Crowdfunding has become a powerful way for businesses to raise money in America with benefits that go beyond simply enabling businesses to tap into new pools of capital. For investors, it extends the opportunity to invest in some of the great companies of the future.
With crowdfunding, you can potentially own a small piece of a nascent company like Google was at its start even before that company goes public. The life-changing returns earned by early investors in a blockbuster company can now potentially be realized by you. What’s more, some incredible ideas - and entire industries like the cryptocurrency sector - have only been realized thanks to crowdfunding.
Equity crowdfunding platforms democratize access to early-stage investing. Some of the opportunities on these could become unicorns - a startup worth $1 billion or more.
Startup investing is an intricate science that requires education and discipline. But the payoffs can be worth it.

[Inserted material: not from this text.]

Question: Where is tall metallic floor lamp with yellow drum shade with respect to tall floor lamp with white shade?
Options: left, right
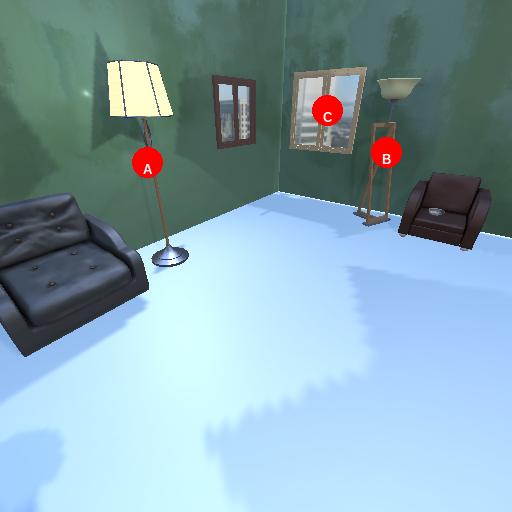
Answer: left

Startup investing is an alternative investment that gives you the opportunity to potentially realize phenomenal returns, while also learning about the new technologies and industries that will change society.
Several new industries such as clean energy, blockchain and artificial intelligence are arising that each may yield incredible returns. With startup investing being democratized, anyone can have a stake in future great companies.
When investing in a startup, the best time to get in is early on. These tools used to be out of reach for average investors. Fortunately today, the tools to invest are now available to everyone. We really can all be angel investors now.
Check out Benzinga's Alternative Investment Hub for guides, resources and reviews to help you choose the best alternative investment opportunities.
Frequently Asked Questions
Is Wefunder all or nothing?
As a startup investor, you will take on risk. Startup investing is all or nothing because you might lose all your money should the startup fail to make an exit or be acquired.
When a startup fails, startup investors typically do not receive any form of compensation. As a result, you should decide carefully before making an investment on one of these platforms.
Should I do equity crowdfunding?
While startup investing is inherently risky, it’s nevertheless worthwhile to consider an investment on one of these platforms. For investors with disposable income, startup investments can deliver tremendous returns. But remember, you should never invest more than you can afford to lose.
Is investing in startups a good investment?
Investing in startups can be a great investment if the stratup goes on to become a profitable business.